Magic phase transitions in monitored gaussian fermions

TL;DR

This paper explores how continuous monitoring influences the nonstabilizerness (magic) of Gaussian fermionic systems, revealing a hidden complexity transition in subleading corrections that standard entanglement measures cannot detect.

Contribution

It introduces a scalable method to track magic in monitored fermionic systems and uncovers a novel measurement-induced complexity transition in subleading terms.

Findings

Leading volume-law magic remains robust across measurement rates.

A sharp transition occurs in subleading logarithmic corrections.

Magic diagnostics reveal hidden dynamical features not seen by entanglement.

Abstract

Monitored quantum systems, where unitary dynamics compete with continuous measurements, exhibit dynamical transitions as the measurement rate is varied.
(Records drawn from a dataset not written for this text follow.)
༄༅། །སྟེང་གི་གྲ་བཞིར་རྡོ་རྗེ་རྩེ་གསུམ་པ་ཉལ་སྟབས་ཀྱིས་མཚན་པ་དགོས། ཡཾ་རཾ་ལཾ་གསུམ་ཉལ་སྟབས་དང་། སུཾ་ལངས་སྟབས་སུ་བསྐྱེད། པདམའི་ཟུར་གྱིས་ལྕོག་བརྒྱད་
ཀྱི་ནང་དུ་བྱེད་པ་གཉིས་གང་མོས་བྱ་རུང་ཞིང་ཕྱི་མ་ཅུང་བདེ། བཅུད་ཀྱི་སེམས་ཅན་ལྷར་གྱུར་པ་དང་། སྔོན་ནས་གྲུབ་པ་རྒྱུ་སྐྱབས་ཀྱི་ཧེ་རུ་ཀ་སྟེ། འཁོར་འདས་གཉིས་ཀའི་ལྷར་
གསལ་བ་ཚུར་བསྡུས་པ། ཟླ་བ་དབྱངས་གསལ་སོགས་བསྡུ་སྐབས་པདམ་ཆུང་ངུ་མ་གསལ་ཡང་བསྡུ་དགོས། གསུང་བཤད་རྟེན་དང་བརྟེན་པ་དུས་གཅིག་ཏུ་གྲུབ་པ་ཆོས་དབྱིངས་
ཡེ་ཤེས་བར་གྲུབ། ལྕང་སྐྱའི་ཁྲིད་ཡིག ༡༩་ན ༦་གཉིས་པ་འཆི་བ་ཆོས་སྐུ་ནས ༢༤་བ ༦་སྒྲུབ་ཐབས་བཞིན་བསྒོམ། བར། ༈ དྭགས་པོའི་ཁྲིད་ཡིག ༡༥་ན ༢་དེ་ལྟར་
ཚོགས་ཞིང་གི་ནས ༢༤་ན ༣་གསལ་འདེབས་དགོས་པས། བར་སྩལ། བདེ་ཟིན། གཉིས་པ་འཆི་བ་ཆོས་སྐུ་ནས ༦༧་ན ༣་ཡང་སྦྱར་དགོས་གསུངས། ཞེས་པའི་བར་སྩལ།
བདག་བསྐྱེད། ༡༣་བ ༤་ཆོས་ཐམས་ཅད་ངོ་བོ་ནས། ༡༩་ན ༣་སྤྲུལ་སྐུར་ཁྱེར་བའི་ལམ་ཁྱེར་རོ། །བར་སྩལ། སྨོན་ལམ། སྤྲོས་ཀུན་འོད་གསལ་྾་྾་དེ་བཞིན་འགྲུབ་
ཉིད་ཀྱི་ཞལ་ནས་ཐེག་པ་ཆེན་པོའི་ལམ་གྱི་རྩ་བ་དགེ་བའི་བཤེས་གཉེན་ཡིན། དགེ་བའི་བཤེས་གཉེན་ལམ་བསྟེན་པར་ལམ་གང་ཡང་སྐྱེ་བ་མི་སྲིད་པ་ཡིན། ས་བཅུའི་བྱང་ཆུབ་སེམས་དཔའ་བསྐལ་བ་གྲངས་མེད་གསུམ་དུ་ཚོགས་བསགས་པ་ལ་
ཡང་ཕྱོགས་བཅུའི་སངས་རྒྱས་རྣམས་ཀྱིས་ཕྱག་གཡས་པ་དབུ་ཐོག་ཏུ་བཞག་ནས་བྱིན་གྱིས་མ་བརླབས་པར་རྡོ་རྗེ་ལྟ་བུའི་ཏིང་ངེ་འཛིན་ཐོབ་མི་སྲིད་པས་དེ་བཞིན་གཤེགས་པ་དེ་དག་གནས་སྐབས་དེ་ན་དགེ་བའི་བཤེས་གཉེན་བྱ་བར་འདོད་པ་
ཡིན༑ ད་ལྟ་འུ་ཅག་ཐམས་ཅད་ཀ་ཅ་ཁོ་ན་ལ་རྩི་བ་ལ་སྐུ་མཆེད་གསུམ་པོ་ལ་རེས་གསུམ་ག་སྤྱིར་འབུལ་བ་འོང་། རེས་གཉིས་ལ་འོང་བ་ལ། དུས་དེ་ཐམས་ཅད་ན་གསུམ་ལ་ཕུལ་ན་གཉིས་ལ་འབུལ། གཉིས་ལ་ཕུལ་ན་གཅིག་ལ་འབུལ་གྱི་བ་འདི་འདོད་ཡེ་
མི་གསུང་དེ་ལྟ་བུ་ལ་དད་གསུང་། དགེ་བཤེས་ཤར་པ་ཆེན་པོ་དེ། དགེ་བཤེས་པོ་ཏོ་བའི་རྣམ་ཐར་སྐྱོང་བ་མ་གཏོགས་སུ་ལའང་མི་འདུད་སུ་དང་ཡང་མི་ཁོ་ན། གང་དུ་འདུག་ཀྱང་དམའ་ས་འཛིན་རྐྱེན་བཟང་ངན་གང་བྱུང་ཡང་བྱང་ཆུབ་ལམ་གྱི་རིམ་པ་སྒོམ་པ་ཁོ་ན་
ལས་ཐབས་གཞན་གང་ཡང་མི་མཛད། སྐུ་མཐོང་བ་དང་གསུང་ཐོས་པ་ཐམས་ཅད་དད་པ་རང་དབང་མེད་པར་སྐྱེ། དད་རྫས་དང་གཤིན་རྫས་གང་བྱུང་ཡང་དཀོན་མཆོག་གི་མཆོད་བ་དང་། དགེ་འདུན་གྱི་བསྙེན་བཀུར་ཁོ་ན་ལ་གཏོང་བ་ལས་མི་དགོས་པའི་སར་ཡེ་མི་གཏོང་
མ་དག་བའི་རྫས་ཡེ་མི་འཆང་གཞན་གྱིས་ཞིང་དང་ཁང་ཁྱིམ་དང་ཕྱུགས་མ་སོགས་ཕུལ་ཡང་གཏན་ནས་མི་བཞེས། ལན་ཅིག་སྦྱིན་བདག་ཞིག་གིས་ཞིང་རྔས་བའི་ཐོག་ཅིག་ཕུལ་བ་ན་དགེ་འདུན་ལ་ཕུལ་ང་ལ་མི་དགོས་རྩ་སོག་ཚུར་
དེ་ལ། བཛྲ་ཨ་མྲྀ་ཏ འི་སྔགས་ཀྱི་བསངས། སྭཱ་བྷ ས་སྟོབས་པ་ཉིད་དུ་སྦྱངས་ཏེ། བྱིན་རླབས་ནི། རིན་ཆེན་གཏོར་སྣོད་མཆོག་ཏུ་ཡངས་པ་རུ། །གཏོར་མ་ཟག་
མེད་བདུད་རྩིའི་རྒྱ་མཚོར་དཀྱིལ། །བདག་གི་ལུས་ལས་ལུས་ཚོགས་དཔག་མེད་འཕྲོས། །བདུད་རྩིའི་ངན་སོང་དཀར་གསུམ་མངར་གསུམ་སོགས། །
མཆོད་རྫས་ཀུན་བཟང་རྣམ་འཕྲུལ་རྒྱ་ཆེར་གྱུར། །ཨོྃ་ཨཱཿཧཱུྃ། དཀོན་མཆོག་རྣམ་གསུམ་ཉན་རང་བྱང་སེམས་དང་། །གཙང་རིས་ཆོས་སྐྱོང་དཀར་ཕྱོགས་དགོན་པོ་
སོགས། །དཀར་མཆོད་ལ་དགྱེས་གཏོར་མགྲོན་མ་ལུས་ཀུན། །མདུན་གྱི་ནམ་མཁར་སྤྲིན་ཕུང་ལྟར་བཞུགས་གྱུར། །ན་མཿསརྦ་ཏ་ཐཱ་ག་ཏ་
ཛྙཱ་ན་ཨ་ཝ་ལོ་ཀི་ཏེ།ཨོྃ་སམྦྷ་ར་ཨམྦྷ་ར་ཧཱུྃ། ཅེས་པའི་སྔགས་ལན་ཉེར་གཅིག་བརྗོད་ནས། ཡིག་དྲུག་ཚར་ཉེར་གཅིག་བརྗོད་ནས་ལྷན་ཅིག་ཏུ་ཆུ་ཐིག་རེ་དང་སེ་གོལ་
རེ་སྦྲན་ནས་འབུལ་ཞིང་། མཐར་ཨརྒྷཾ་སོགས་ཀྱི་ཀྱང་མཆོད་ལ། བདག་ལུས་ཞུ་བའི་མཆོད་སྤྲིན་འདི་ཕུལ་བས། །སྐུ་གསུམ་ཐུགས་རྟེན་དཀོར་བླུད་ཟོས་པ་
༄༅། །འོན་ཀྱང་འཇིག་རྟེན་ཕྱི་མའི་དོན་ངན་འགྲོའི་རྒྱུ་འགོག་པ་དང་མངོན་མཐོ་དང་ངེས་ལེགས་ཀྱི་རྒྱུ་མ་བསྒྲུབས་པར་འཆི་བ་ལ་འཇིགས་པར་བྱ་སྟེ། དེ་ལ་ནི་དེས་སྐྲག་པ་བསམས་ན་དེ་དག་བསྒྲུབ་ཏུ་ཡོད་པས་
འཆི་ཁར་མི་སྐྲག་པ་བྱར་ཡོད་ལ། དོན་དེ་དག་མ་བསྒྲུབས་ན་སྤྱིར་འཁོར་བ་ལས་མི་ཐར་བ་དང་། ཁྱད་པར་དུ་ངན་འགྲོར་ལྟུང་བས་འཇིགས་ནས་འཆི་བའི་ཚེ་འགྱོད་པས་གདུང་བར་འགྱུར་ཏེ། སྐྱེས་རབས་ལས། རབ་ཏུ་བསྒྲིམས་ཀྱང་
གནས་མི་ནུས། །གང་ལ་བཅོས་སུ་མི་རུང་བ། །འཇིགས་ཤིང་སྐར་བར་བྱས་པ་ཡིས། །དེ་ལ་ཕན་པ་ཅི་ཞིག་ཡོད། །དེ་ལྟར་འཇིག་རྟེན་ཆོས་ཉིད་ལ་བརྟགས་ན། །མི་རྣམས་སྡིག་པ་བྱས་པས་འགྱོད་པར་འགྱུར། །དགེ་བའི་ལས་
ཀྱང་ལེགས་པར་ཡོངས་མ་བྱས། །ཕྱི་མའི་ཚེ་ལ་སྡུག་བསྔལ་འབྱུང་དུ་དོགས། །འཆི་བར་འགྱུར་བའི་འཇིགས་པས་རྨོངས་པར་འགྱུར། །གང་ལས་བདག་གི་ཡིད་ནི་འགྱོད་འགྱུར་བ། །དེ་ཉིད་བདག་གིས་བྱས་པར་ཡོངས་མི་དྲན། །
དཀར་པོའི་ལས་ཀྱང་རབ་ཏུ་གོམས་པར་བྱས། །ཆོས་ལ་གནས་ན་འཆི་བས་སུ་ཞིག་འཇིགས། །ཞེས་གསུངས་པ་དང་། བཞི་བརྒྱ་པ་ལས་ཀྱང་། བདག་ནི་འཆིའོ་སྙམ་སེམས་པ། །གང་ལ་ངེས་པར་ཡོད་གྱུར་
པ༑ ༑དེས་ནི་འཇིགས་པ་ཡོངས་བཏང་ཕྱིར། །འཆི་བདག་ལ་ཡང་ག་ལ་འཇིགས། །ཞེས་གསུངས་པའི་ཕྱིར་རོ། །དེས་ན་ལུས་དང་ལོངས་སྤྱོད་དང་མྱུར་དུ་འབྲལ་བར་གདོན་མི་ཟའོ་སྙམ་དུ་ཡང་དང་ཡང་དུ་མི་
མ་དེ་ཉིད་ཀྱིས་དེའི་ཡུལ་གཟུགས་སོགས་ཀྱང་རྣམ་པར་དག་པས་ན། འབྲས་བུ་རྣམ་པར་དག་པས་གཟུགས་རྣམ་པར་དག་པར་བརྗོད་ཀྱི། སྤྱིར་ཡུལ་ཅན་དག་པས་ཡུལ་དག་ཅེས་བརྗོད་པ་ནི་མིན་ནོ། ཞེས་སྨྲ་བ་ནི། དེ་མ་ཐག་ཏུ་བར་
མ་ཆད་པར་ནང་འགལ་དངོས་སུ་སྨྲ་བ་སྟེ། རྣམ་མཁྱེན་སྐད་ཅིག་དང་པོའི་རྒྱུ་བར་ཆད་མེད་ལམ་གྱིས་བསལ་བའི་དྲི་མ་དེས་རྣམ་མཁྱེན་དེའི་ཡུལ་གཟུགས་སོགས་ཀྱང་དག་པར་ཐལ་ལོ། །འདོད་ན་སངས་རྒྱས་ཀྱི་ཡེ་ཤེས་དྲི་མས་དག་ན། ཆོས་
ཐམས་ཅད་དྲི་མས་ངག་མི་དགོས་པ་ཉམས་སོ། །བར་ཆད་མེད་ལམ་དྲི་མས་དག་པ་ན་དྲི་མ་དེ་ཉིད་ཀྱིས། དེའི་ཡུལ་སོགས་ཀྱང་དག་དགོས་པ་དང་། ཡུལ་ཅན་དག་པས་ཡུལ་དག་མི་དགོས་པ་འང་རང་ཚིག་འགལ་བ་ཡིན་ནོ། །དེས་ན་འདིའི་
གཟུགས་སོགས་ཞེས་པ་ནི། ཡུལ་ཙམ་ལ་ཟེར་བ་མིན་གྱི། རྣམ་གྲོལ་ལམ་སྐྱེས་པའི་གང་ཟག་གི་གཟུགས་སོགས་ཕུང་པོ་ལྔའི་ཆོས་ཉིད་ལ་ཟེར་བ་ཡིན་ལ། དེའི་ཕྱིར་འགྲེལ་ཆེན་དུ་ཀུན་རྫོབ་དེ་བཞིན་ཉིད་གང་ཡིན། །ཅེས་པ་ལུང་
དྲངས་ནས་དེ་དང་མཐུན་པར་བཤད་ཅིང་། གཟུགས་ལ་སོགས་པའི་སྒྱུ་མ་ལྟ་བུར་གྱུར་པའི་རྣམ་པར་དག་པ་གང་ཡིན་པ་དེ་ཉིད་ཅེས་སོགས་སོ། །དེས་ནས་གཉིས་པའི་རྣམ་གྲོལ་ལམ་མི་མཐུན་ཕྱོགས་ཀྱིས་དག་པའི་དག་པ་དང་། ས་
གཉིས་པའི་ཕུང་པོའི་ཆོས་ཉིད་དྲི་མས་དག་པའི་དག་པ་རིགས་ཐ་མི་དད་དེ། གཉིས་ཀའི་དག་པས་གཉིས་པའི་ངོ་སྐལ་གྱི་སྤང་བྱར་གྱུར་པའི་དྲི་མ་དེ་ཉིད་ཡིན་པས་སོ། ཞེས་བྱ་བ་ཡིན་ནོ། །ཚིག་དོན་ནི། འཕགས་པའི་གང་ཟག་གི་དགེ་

These reflect abrupt changes in the structure of the evolving wavefunction, captured by complementary complexity diagnostics that include and go beyond entanglement aspects. Here, we investigate how monitoring affects magic state resources, the nonstabilizerness, of Gaussian fermionic systems. Using scalable Majorana sampling techniques, we track the evolution of stabilizer R\'enyi entropies in large systems under projective measurements. While the leading extensive (volume-law) scaling of magic remains robust across all measurement rates, we uncover a sharp transition in the subleading logarithmic corrections. This measurement-induced complexity transition, invisible to standard entanglement probes, highlights the power of magic-based diagnostics in revealing hidden features of monitored many-body dynamics.